(Records from a collection)
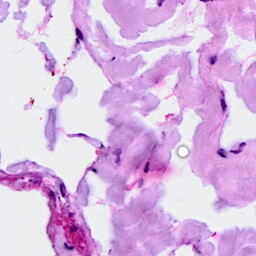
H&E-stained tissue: Breast
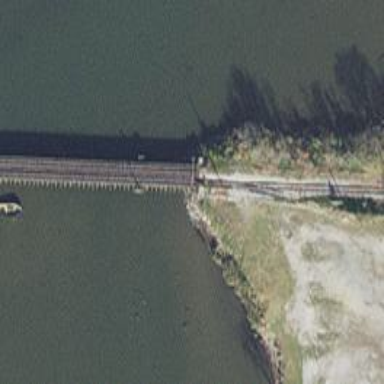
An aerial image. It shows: Disused railway line on trestle bridge.
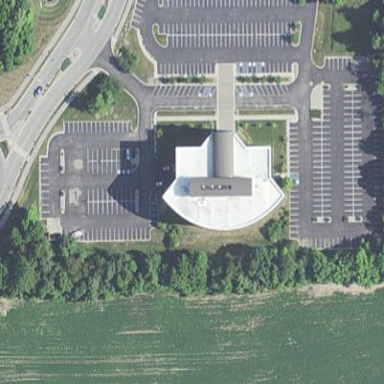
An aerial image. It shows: Office building.
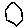
Label: hexagon
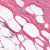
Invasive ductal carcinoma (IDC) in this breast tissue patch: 0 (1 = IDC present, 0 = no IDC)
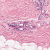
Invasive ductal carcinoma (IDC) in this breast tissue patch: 0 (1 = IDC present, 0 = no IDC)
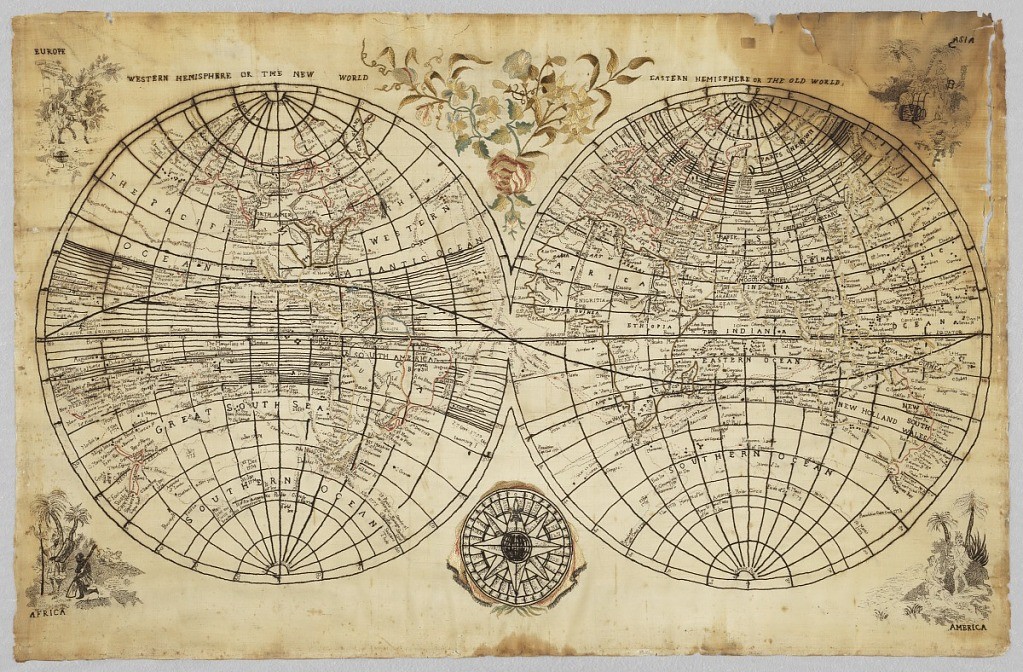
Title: Map sampler
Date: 1790s
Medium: silk and metallic embroidery, silk foundation Technique: embroidered in stem, running, speckling and chain stitches on plain weave foundation Label: silk embroidered with silk and metallic yarns in stem, running, speckling and chain stitches
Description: Map of the world showing the two hemispheres, titled "Western Hemisphere or the New World" and "Eastern Hemisphere or the Old World." A compass at center bottom, spray of flowers center top, and figures labelled "Europe," "Asia," "America" and "Africa" in each of the corners. The maps have been filled in great detail and the routes of the explorers have been marked on them.
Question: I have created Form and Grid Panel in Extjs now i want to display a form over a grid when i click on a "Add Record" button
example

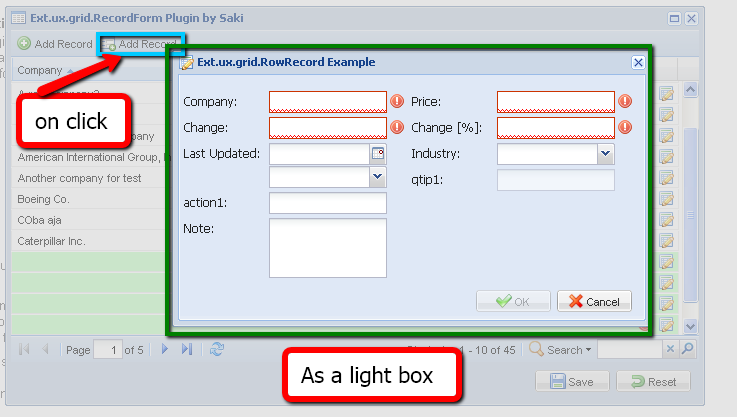
Answer: What you're looking for is a modal <URL>. A la..
'''
var window = new Ext.Window({
modal: true,
items: [ yourFormPanel ]
)};
'''
You can put the standard form panel inside of the items in the Window itself (thus the 'yourFormPanel' variable), along with any other configuration options. Once you have everything in the window, you just use the show() method to put the Window on the screen. Which probably would be done from the <URL> handler in this case. Should look something like this.
'''
var button = new Ext.Button({
text: 'Add Record',
handler: function() { window.show(); }
});
'''
That's it!
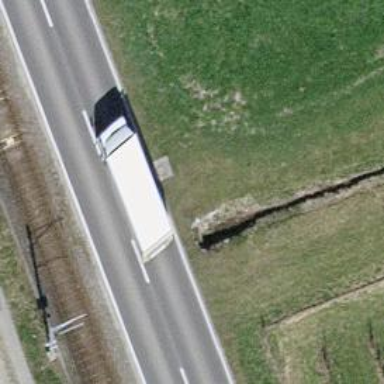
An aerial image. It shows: Culvert tunnel.
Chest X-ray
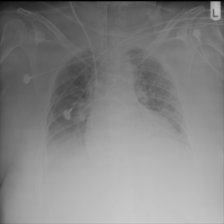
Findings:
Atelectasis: positive
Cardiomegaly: negative
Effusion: negative
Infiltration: positive
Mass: negative
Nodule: negative
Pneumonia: negative
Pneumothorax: negative
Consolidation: negative
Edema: negative
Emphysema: negative
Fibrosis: negative
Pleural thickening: negative
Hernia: negative
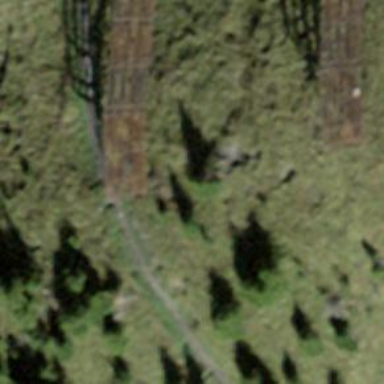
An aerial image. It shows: Snow bridge avalanche protection fence.
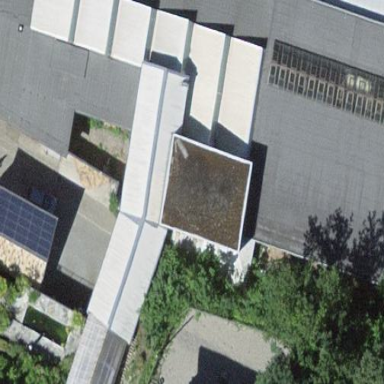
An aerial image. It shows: Industrial building.
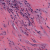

- WHAT YOU SHOULD DO: Without any picture, return exactly the lines of the records above from the first through the line that contains "Date: 1790s".

- WRITTEN RESPONSE:
H&E-stained tissue: Breast
An aerial image. It shows: Disused railway line on trestle bridge.
An aerial image. It shows: Office building.
Label: hexagon
Invasive ductal carcinoma (IDC) in this breast tissue patch: 0 (1 = IDC present, 0 = no IDC)
Invasive ductal carcinoma (IDC) in this breast tissue patch: 0 (1 = IDC present, 0 = no IDC)
Title: Map sampler
Date: 1790s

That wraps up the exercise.